Computational Prediction and Experimental Verification of New MAP Kinase Docking Sites and Substrates Including Gli Transcription Factors
Figure 2
Validation of the D-learner hidden Markov model.
(A–C). The HMM accurately identifies known D-sites in full-length sequences. Full-length sequences run through the HMM give a Viterbi probability for every window tested. The x-axis displays the window number and the y-axis shows the log of the Viterbi probability for each window. The dashed lines represent the threshold of E-23 for a window to be considered a predicted D-site. MKK4 (A) has one peak, MKK7 (B) has three peaks, and the arbitrarily-chosen full length sequence SEMA3C (C) has zero peaks above the threshold. (D) The HMM does not score randomized sequences highly, even if they have the same composition as a high-scoring D-site. Histogram of scores assigned to 1,000 scrambled sequences with same sequence composition as the MKK4 D-site (blue, left ordinate labels) and the 20 training set D-site sequences (green, right ordinate labels). Sequences were binned by score, with no sequences scoring below −37 or above −14. For the MKK4 randomized set, zero sequences surpassed the −23 threshold (dashed line).
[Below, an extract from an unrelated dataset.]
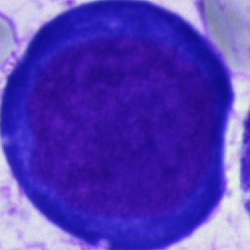

Cell type: pronormoblast.

For the 20,000 total randomized D-site sequences, 30 sequences (0.15%) scored above this threshold. For the training set, 16 sequences (80%) surpassed the E-23 threshold. (E) The HMM scores JNK D-sites higher than D-sites selective for ERK- or p38-family MAPKs. The name, D-learner-assigned score, and sequence of all known human MKK D-sites are shown. The JNK D-sites (MKK4 and the 3 MKK7 D-sites) surpass the −23 threshold; however, the non-cognate D-sites, although they contain the core consensus basic (blue) and hydrophobic (red) residues, do not score above the threshold.